WHAT YOU SHOULD DO ->
Copy each line below in which the string "class" occurs.

PROVIDED RECORDS ->

* * *

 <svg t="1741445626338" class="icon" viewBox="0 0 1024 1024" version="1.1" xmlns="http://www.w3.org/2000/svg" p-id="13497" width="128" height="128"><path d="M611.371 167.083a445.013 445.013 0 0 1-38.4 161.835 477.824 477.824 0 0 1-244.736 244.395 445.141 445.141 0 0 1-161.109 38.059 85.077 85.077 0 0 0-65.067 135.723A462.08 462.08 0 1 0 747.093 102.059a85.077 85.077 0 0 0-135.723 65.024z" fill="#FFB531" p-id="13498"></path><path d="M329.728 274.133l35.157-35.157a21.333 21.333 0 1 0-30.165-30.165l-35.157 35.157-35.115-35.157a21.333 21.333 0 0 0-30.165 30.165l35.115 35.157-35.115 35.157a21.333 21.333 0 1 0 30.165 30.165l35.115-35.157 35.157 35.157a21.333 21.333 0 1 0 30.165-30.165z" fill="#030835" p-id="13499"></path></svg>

* * *

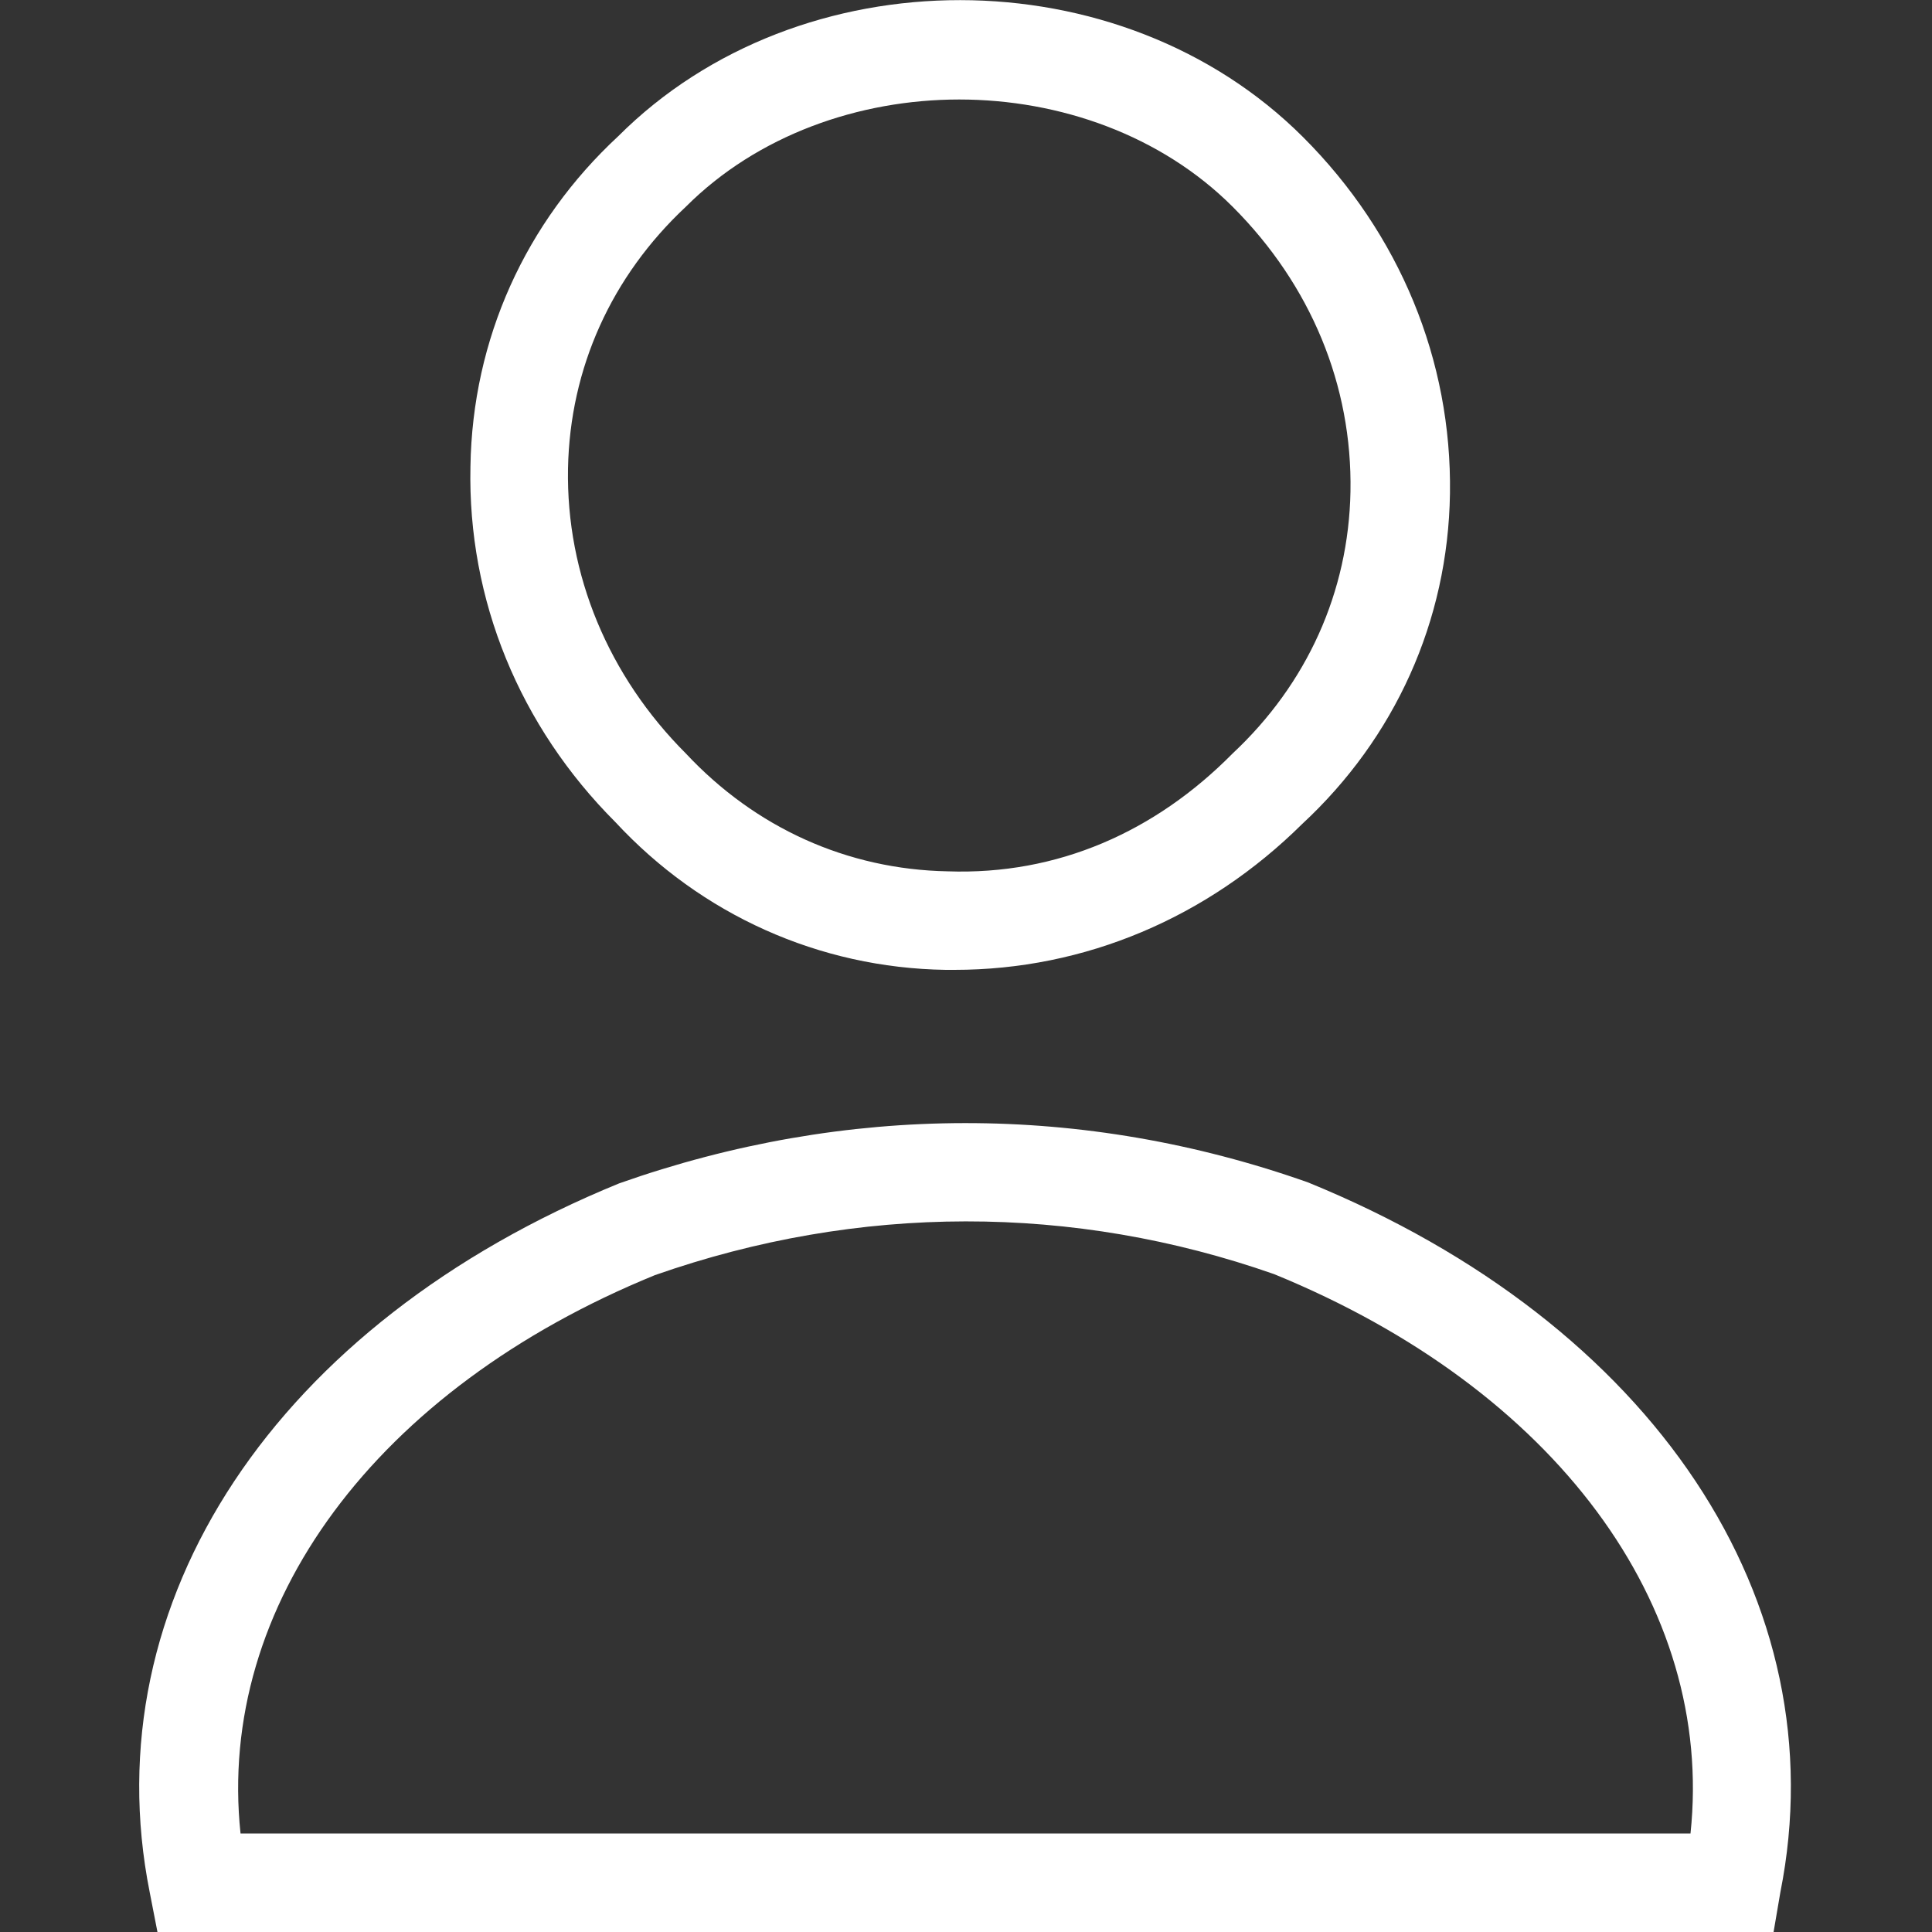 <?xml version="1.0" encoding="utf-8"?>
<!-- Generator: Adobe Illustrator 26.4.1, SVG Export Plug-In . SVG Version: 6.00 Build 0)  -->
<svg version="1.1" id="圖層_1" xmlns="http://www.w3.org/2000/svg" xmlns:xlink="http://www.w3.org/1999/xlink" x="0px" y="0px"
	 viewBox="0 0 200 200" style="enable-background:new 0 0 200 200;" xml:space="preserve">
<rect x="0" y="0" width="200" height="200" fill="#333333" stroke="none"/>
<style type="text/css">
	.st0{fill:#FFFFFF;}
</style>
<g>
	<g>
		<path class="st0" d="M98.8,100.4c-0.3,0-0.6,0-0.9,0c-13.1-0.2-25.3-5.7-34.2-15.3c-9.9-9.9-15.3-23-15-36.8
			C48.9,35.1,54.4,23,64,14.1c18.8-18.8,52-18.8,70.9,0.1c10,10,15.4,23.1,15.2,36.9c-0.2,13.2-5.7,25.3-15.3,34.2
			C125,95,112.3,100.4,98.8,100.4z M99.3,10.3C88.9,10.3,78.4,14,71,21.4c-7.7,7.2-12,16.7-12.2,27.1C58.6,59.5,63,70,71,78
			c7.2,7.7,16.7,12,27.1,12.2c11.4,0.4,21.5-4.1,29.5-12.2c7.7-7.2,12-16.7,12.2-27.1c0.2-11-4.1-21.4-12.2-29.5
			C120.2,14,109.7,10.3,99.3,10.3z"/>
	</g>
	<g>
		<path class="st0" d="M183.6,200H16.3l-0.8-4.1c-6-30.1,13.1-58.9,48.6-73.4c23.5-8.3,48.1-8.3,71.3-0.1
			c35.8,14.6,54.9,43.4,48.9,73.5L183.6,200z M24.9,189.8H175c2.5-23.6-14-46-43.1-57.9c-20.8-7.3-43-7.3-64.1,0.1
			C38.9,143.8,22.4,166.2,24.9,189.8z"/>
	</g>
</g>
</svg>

* * *

WRITTEN SOLUTION ->
 <svg t="1741445626338" class="icon" viewBox="0 0 1024 1024" version="1.1" xmlns="http://www.w3.org/2000/svg" p-id="13497" width="128" height="128"><path d="M611.371 167.083a445.013 445.013 0 0 1-38.4 161.835 477.824 477.824 0 0 1-244.736 244.395 445.141 445.141 0 0 1-161.109 38.059 85.077 85.077 0 0 0-65.067 135.723A462.08 462.08 0 1 0 747.093 102.059a85.077 85.077 0 0 0-135.723 65.024z" fill="#FFB531" p-id="13498"></path><path d="M329.728 274.133l35.157-35.157a21.333 21.333 0 1 0-30.165-30.165l-35.157 35.157-35.115-35.157a21.333 21.333 0 0 0-30.165 30.165l35.115 35.157-35.115 35.157a21.333 21.333 0 1 0 30.165 30.165l35.115-35.157 35.157 35.157a21.333 21.333 0 1 0 30.165-30.165z" fill="#030835" p-id="13499"></path></svg>
		<path class="st0" d="M98.8,100.4c-0.3,0-0.6,0-0.9,0c-13.1-0.2-25.3-5.7-34.2-15.3c-9.9-9.9-15.3-23-15-36.8
		<path class="st0" d="M183.6,200H16.3l-0.8-4.1c-6-30.1,13.1-58.9,48.6-73.4c23.5-8.3,48.1-8.3,71.3-0.1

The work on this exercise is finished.